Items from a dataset
-- Opening Marker --

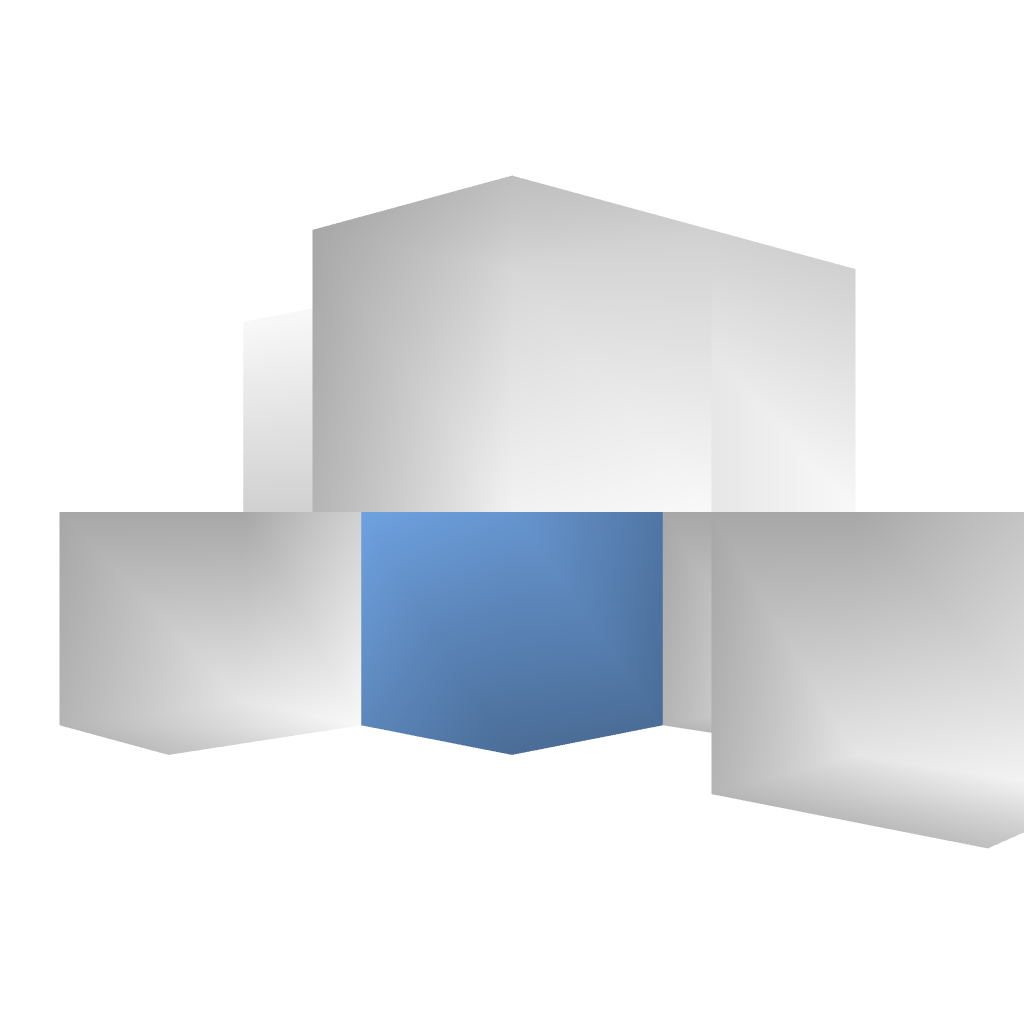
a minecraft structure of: SD Trader bad low quality
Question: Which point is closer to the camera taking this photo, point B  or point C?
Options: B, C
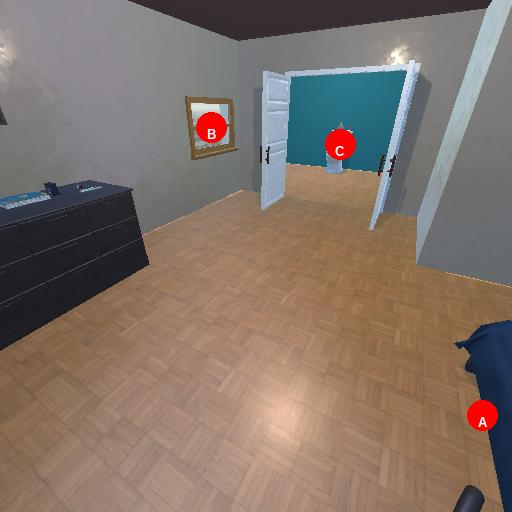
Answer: B
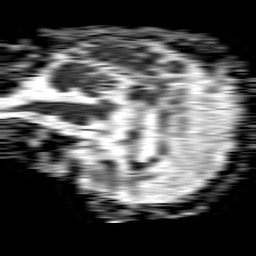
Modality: ADC
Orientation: sagittal
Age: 62
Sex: male
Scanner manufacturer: philips
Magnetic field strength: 1.5 T
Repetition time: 4.6 s
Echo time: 0.08517 s
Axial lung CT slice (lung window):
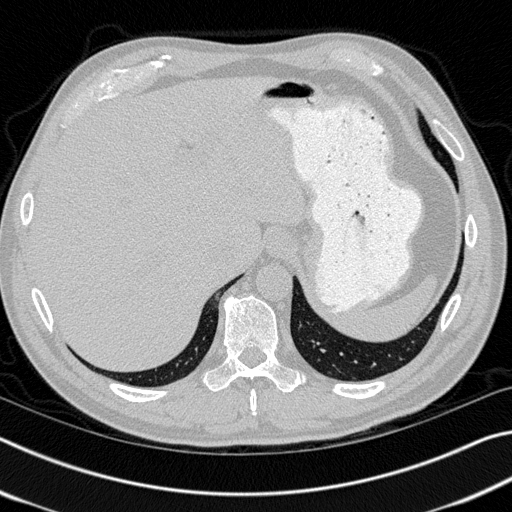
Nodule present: no
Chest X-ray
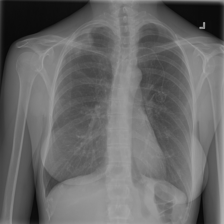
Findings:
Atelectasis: negative
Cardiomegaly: negative
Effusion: negative
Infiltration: negative
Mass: positive
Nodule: negative
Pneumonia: negative
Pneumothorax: negative
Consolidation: negative
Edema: negative
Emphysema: negative
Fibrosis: negative
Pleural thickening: negative
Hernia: negative
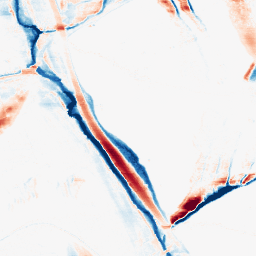
Category: morphological
Decomposition family: morphological_ellipse
Decomposition parameters: operation: average
width: 5
height: 30
Upsampling method: bicubic_16x
Upsampling parameters: scale: 16
Upsampling scale: 16
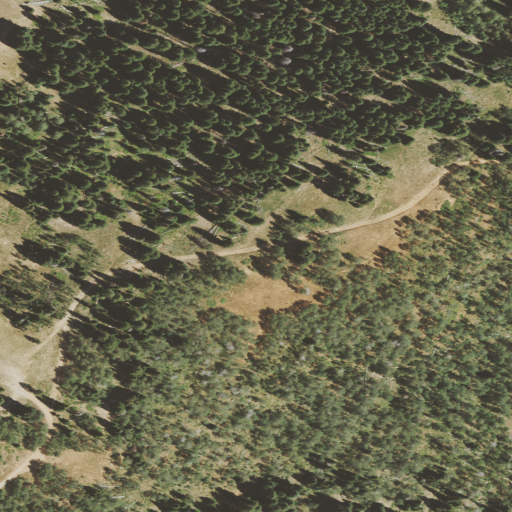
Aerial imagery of ridge(s) in Utah named Eli Ridge containing deciduous forest, evergreen forest, open development, mixed forest, low intensity development, and shrub
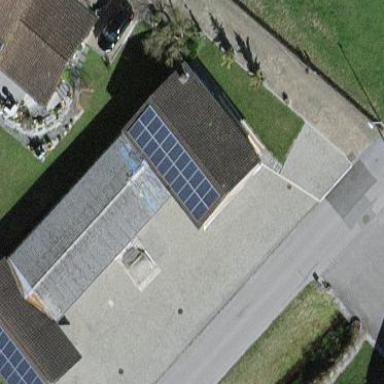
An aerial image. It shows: Building with gabled roof. The roof orientation is along the building.
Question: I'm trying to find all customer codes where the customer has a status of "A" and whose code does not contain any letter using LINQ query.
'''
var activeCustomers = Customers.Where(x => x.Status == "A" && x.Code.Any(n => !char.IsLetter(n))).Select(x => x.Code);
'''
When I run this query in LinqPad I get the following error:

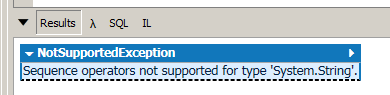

-- Closing Marker --

# What to do
All of the records above should be returned exactly, though the pictures should not.

# Solution for this exercise
a minecraft structure of: SD Trader bad low quality
Question: Which point is closer to the camera taking this photo, point B  or point C?
Options: B, C
Answer: B
Modality: ADC
Orientation: sagittal
Age: 62
Sex: male
Scanner manufacturer: philips
Magnetic field strength: 1.5 T
Repetition time: 4.6 s
Echo time: 0.08517 s
Axial lung CT slice (lung window):
Nodule present: no
Chest X-ray
Findings:
Atelectasis: negative
Cardiomegaly: negative
Effusion: negative
Infiltration: negative
Mass: positive
Nodule: negative
Pneumonia: negative
Pneumothorax: negative
Consolidation: negative
Edema: negative
Emphysema: negative
Fibrosis: negative
Pleural thickening: negative
Hernia: negative
Category: morphological
Decomposition family: morphological_ellipse
Decomposition parameters: operation: average
width: 5
height: 30
Upsampling method: bicubic_16x
Upsampling parameters: scale: 16
Upsampling scale: 16
Aerial imagery of ridge(s) in Utah named Eli Ridge containing deciduous forest, evergreen forest, open development, mixed forest, low intensity development, and shrub
An aerial image. It shows: Building with gabled roof. The roof orientation is along the building.
Question: I'm trying to find all customer codes where the customer has a status of "A" and whose code does not contain any letter using LINQ query.
'''
var activeCustomers = Customers.Where(x => x.Status == "A" && x.Code.Any(n => !char.IsLetter(n))).Select(x => x.Code);
'''
When I run this query in LinqPad I get the following error:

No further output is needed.